■ WHAT NEEDS TO BE DONE: Should pictures appear among the records, leave them out, and copy exactly only the lines from the first through the one with "latitude: 42.1544", inclusive.

-=-=-

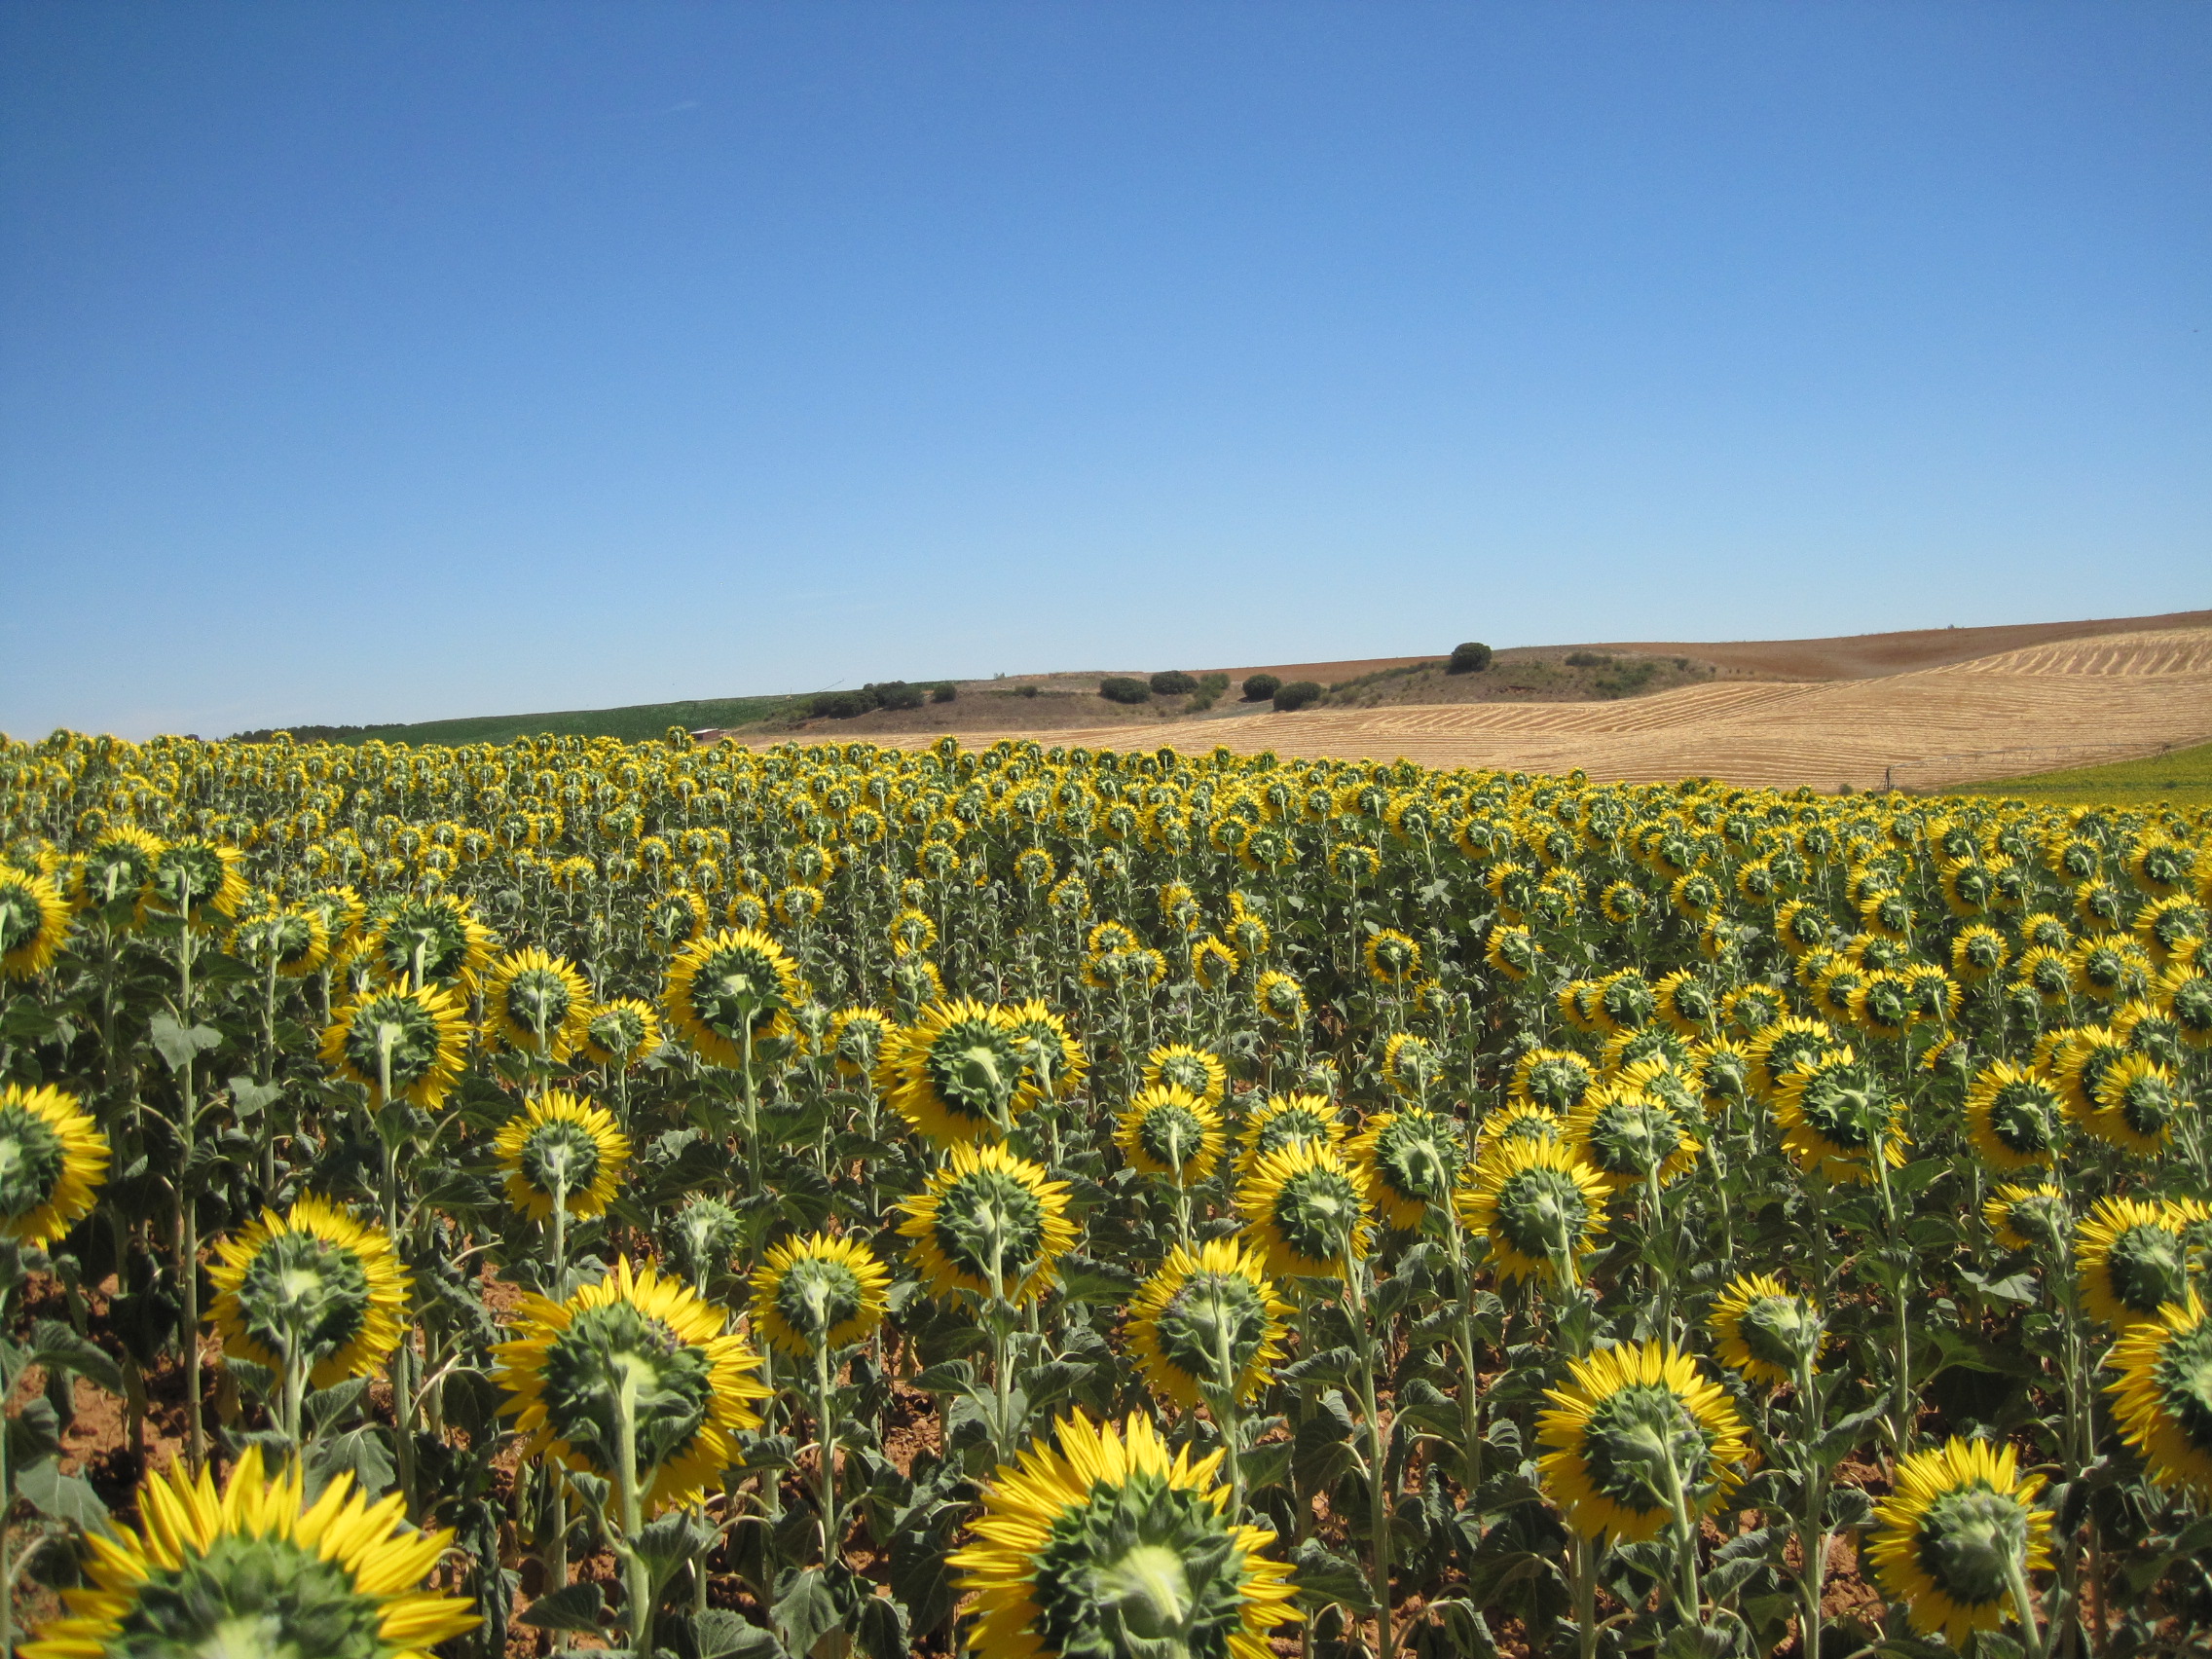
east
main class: Cropland
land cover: Sunflower
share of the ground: > 75 %
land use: Agriculture (excluding fallow land and kitchen gardens)
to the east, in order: Sunflower; Grass margins; Common wheat
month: July
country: ES
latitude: 42.1544
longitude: -5.4713
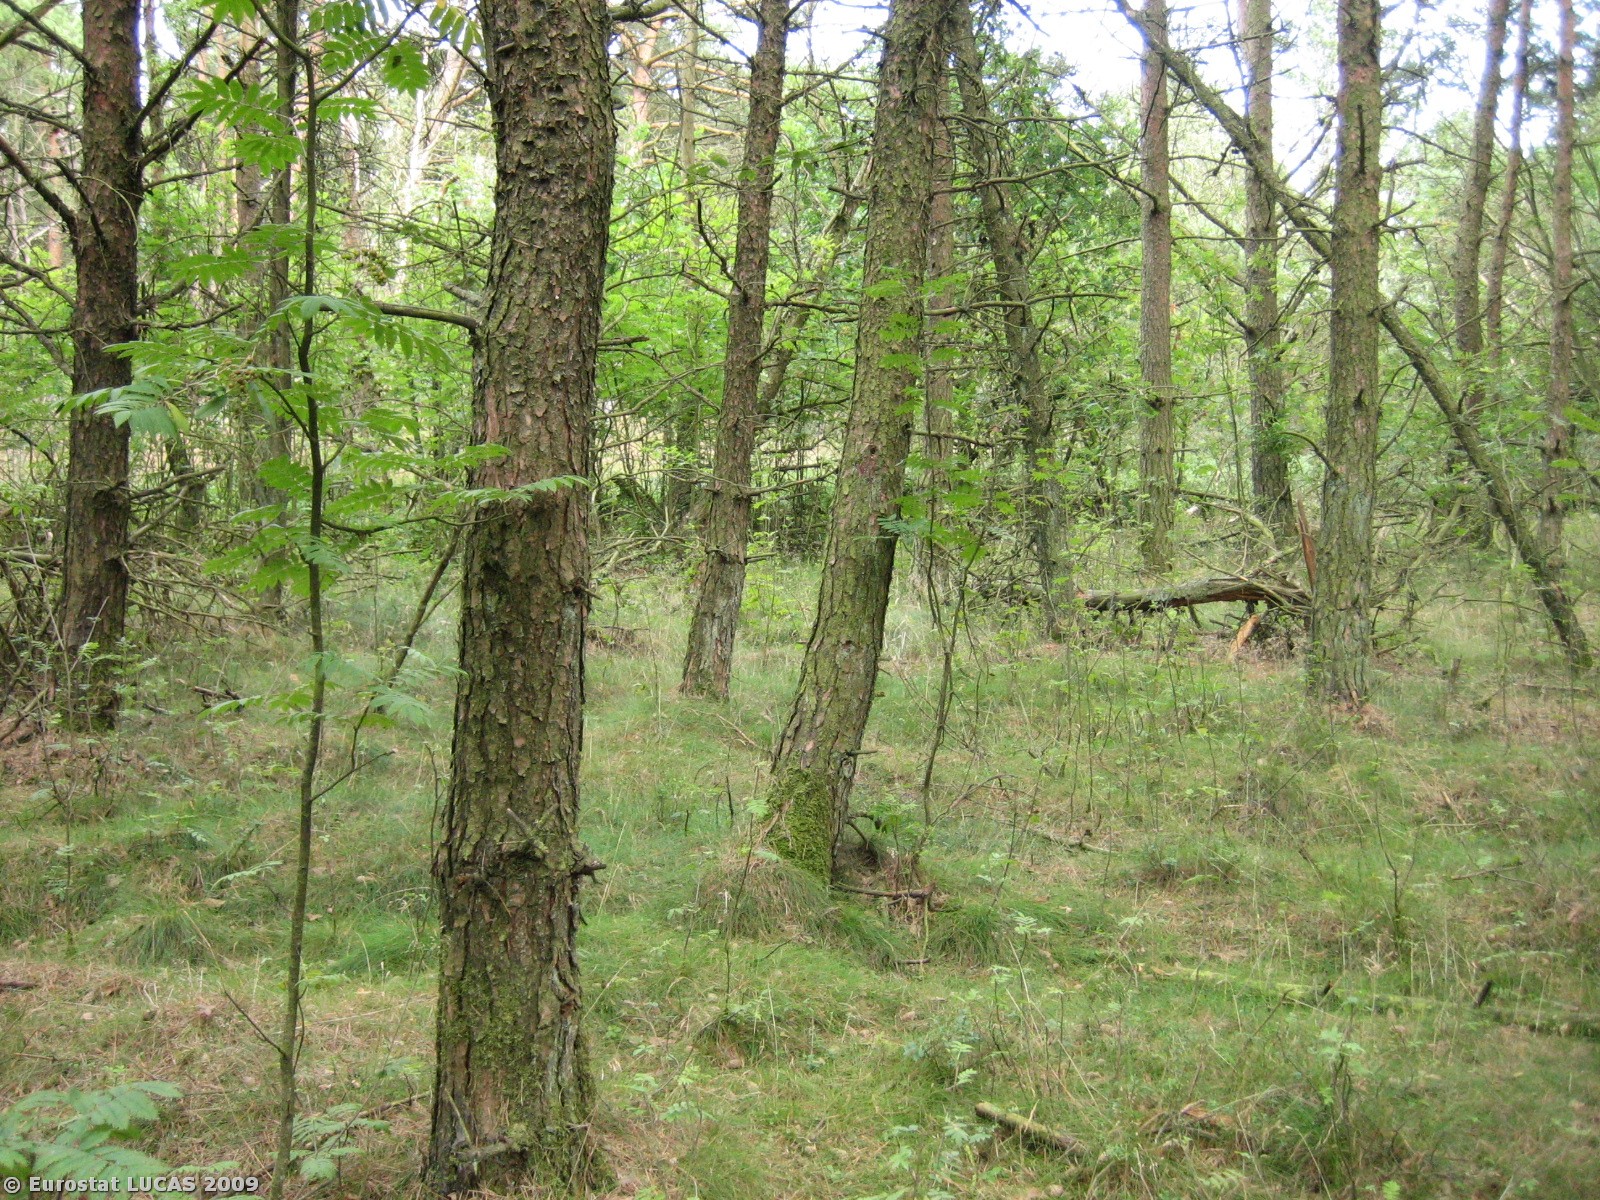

-=-=-

■ YOUR SOLUTION:
east
main class: Cropland
land cover: Sunflower
share of the ground: > 75 %
land use: Agriculture (excluding fallow land and kitchen gardens)
to the east, in order: Sunflower; Grass margins; Common wheat
month: July
country: ES
latitude: 42.1544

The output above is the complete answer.